Photo: Michael Brajas, License: N/A

Michael Brajas

Robert Alvarado at his home in the Toxic Triangle last year.


At last week's RAB meeting, officials in charge of cleanup said the groundwater plumes, while still expansive, have stabilized and are receding. They noted water surface samples in nearby Leon Creek are showing improvement, although more than a dozen locations along the creek still exceed state standards for contaminants like semi-volatile organic compounds, pesticides, heavy metals, and polychlorinated biphenyls. Some of that improvement, they conceded, may have been due to drought conditions in 2011, with less runoff flowing into the creek.

Subra says she still has concerns over how long-term exposure to the chemicals might have harmed local residents. And apart from contamination from solvents, there are other concerns. A redacted 1972 Air Force report outlines how, as with many other military instillations around the country, the military in the 1950s and 1960s dumped radioactive waste on the former Kelly grounds. In a brief section on Kelly, the Air Force wrote that records indicated some 23 concrete pipe disposal wells sit beneath fairways 6 and 7 of the Kelly West Golf Course. While the contents of most were unknown, partial records for one disposal well shows radium and cobalt were buried onsite. In its report on the matter decades later, the federal Agency for Toxic Substances and Disease Registry notes that the Kelly waste is low-level and “does not pose a health hazard to off-base residents now, in the past, or in the future.”

While the ATSDR, tasked with conducting some of the area's critical first studies in the 1990s,  acknowledged increased levels of liver and kidney cancer, as well as leukemia, among the area's residents, none of those studies connected the illnesses to the toxic dumping. A report of out Congress would later take the ATSDR to task for shoddy analysis, citing the agency's work at Kelly and the Camp Lejeune marine base in North Carolina as primary examples of how the ATSDR “often obscures or overlooks potential health hazards, uses inadequate analysis, and fails to zero in on toxic culprits.” The report charged that the ATSDR failed to measure critical potential pathways to exposure for the chemicals, and that source exposure studies began only after the Air Force was well into the cleanup.
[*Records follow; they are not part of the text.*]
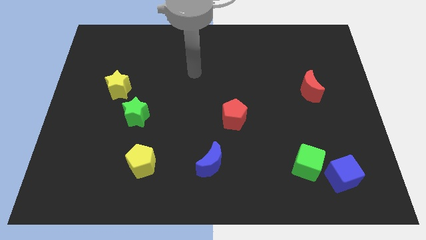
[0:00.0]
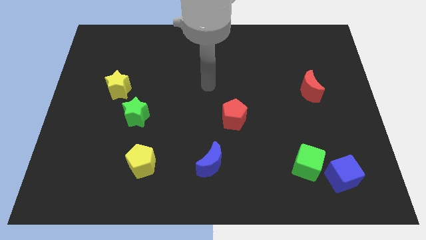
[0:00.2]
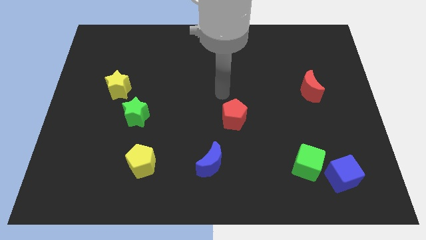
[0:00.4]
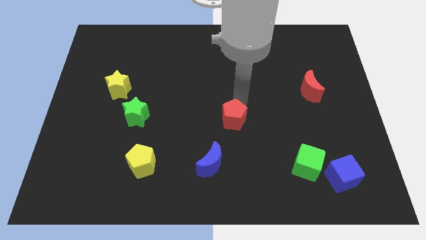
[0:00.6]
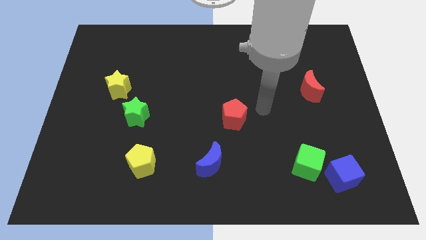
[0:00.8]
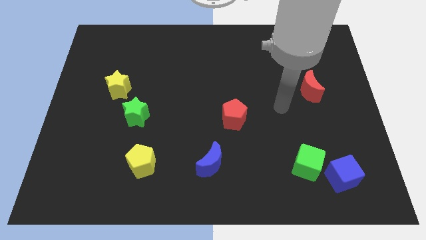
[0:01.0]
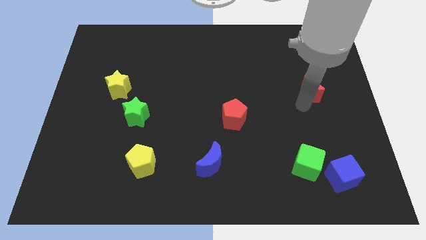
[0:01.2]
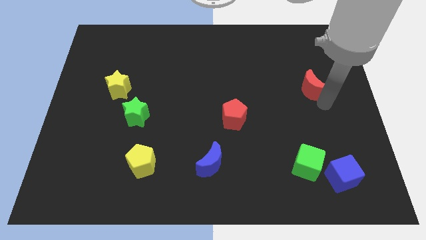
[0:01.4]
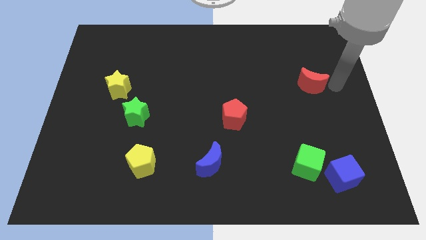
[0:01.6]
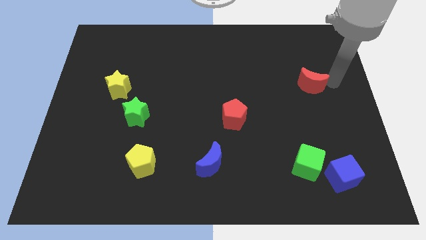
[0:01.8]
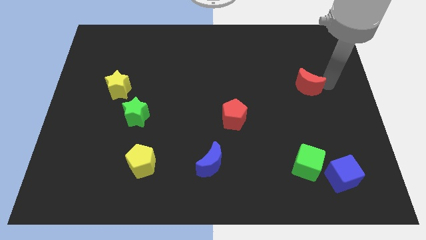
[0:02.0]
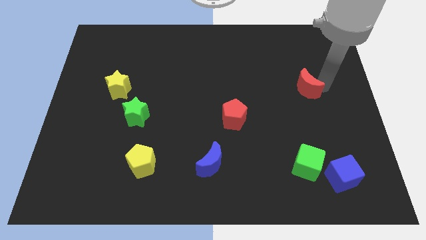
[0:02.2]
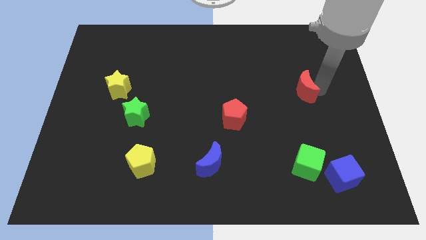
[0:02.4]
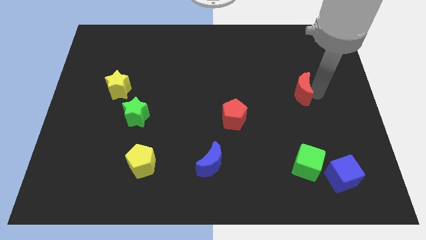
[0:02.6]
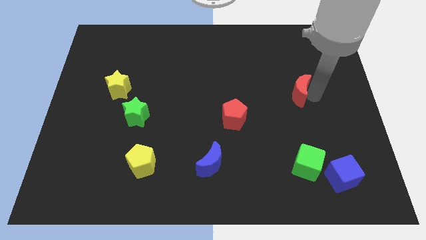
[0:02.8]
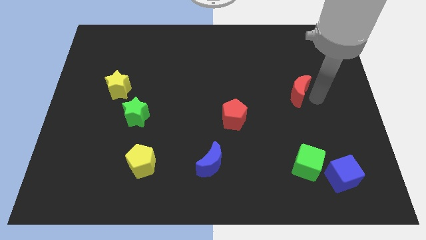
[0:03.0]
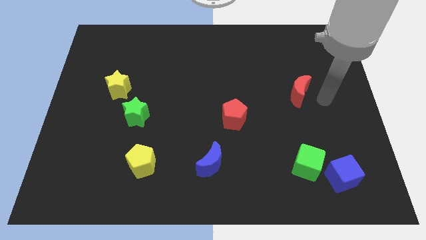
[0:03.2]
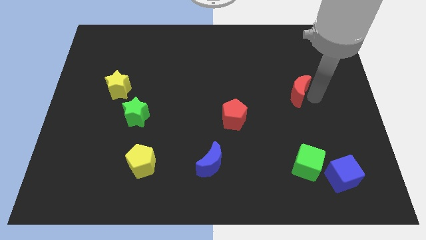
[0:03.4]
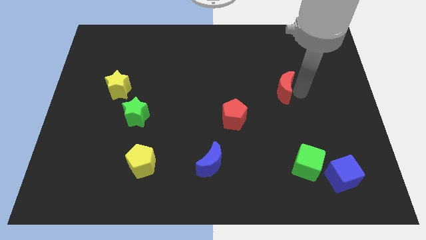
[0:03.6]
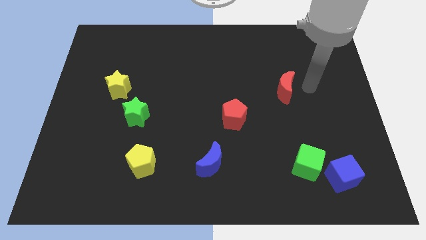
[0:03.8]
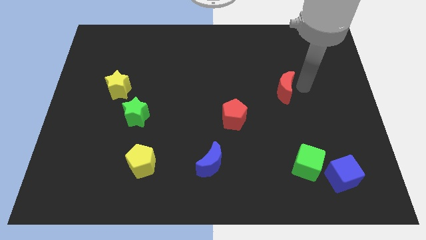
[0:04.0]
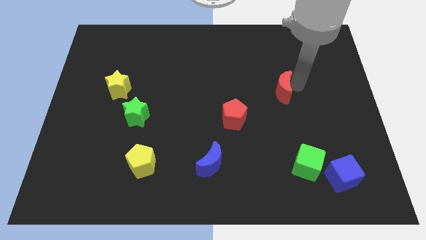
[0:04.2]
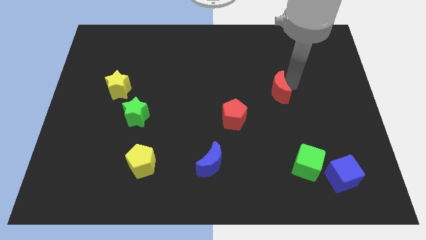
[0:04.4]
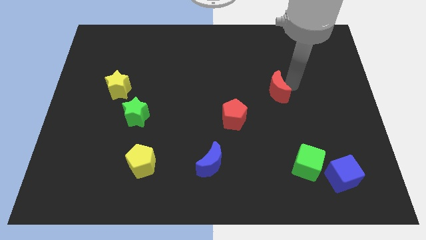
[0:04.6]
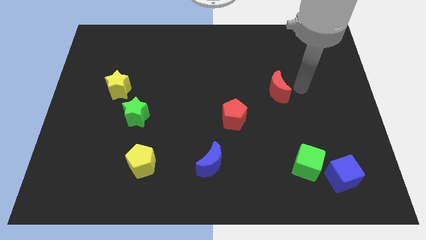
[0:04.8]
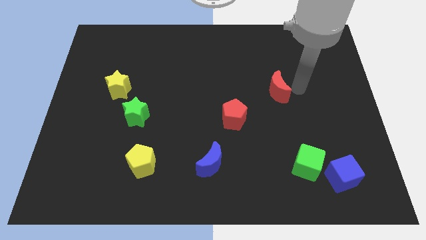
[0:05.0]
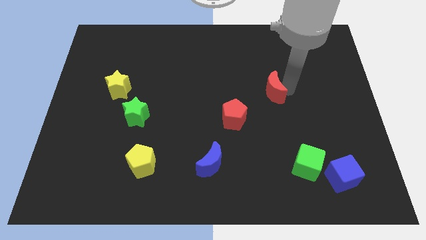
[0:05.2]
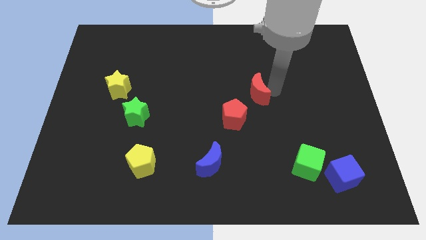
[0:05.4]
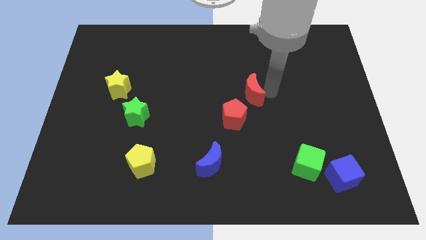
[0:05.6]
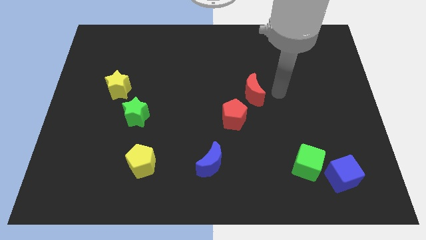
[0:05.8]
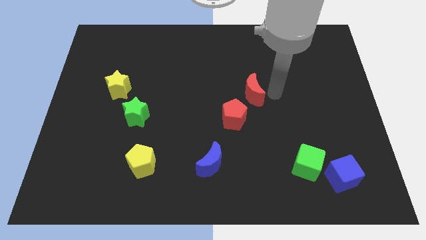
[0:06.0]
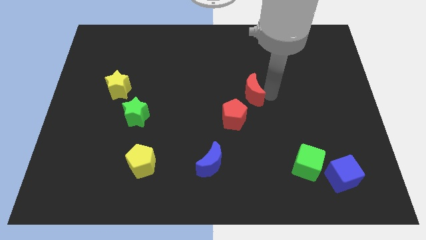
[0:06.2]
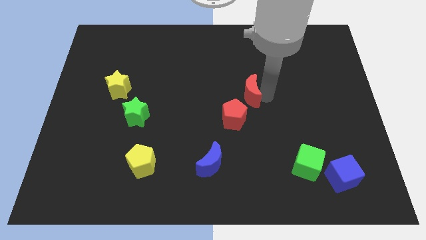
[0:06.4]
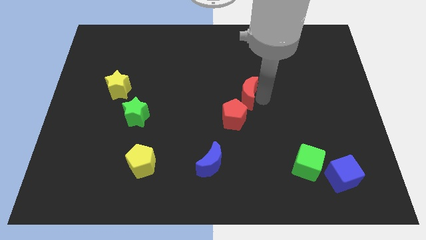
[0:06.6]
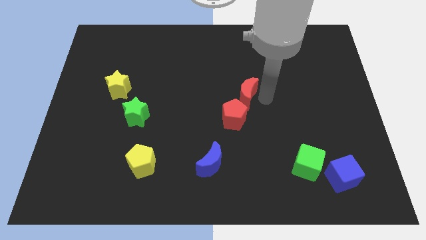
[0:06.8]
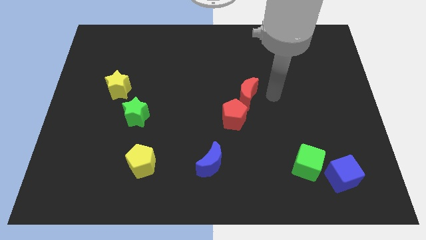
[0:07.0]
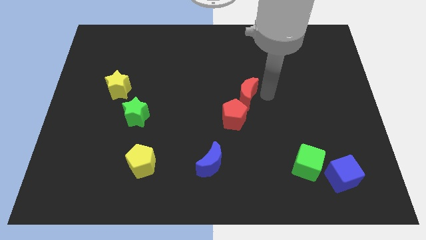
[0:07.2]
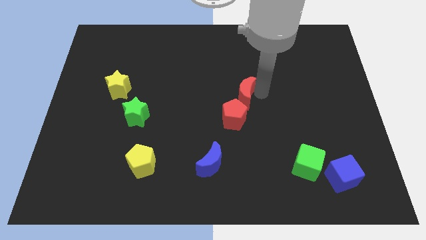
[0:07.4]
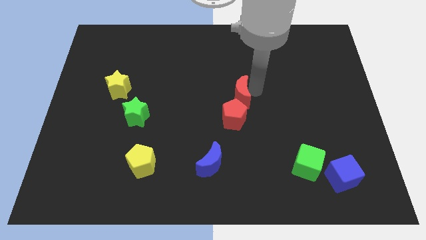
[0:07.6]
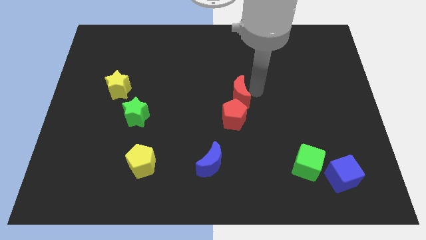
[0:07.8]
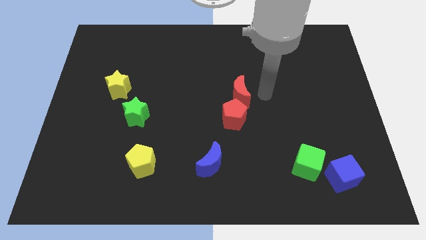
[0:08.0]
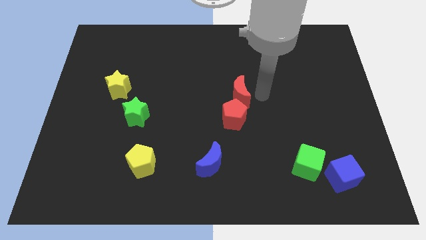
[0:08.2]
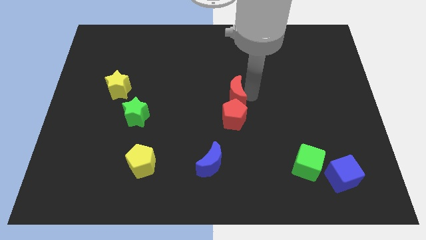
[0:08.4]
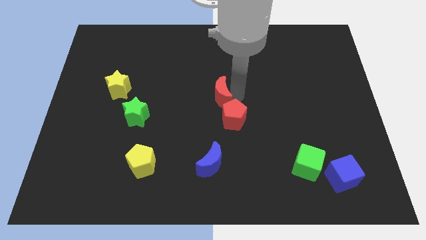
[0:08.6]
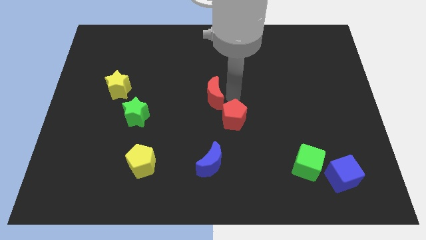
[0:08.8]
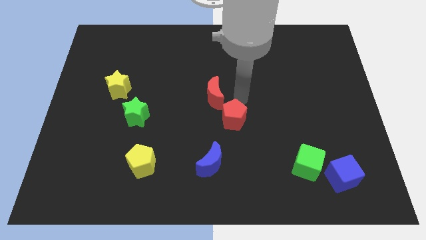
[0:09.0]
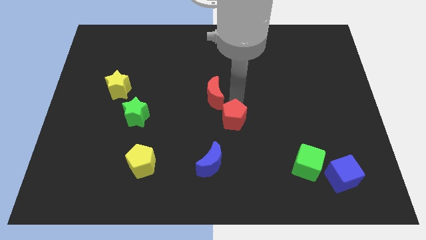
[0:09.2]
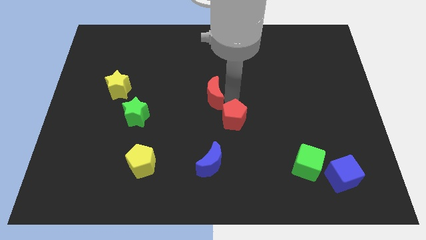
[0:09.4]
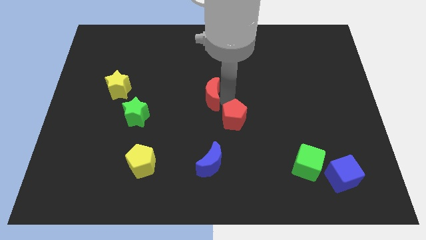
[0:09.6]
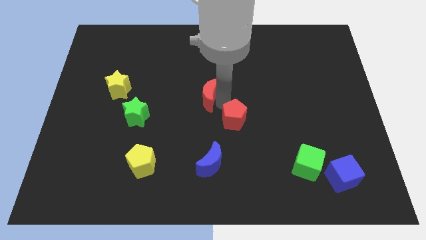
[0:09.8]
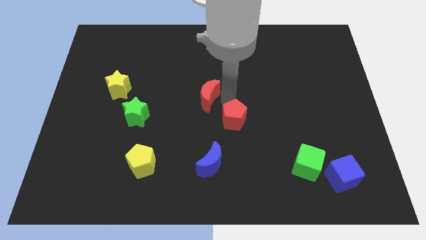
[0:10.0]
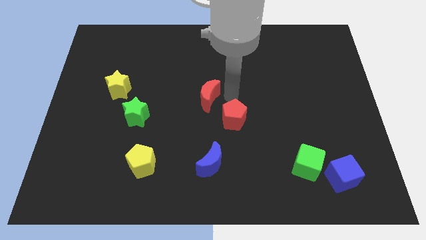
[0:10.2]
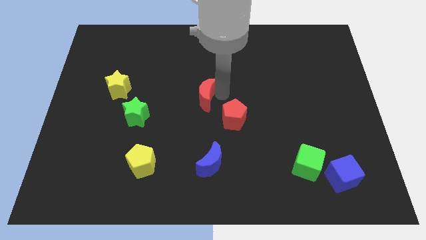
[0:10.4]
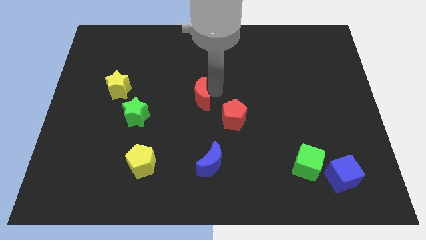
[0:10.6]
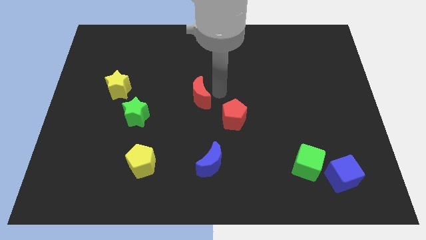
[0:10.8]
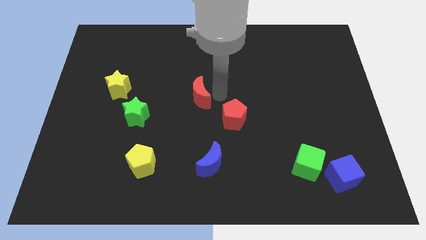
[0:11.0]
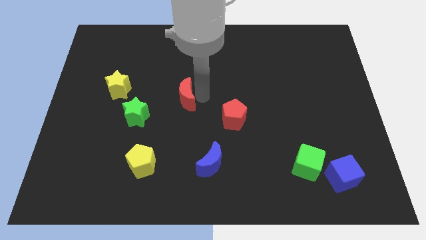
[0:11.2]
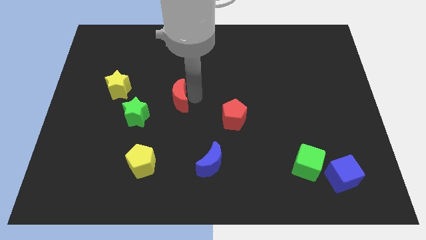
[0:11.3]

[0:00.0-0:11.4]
put the red moon to the top right of the green star

And many criticize that Kelly was never declared a federal Superfund site, which would have allowed  citizens to pick outside experts to conduct studies through EPA Technical Assistance Grants. Southwest Workers Union in the late 1990s filed a civil-rights complaint, saying the matter amounted to discrimination of Mexican-American communities living in and around the base.

Retired Marine Master Sgt. Jerry Ensminger lost his 9-year-old daughter to leukemia, and now blames her death on contaminated water at North Carolina's Camp Lejeune. Long engaged in the fight for justice at Camp Lejeune, Ensminger this week recalled visiting Kelly's Toxic Triangle while working with documentary filmmaker Rachel Libert on the film Semper Fi: Always Faithful, which, released last year, chronicles Ensminger's fight to prove the military culpable of exposing families near the base to deadly toxins.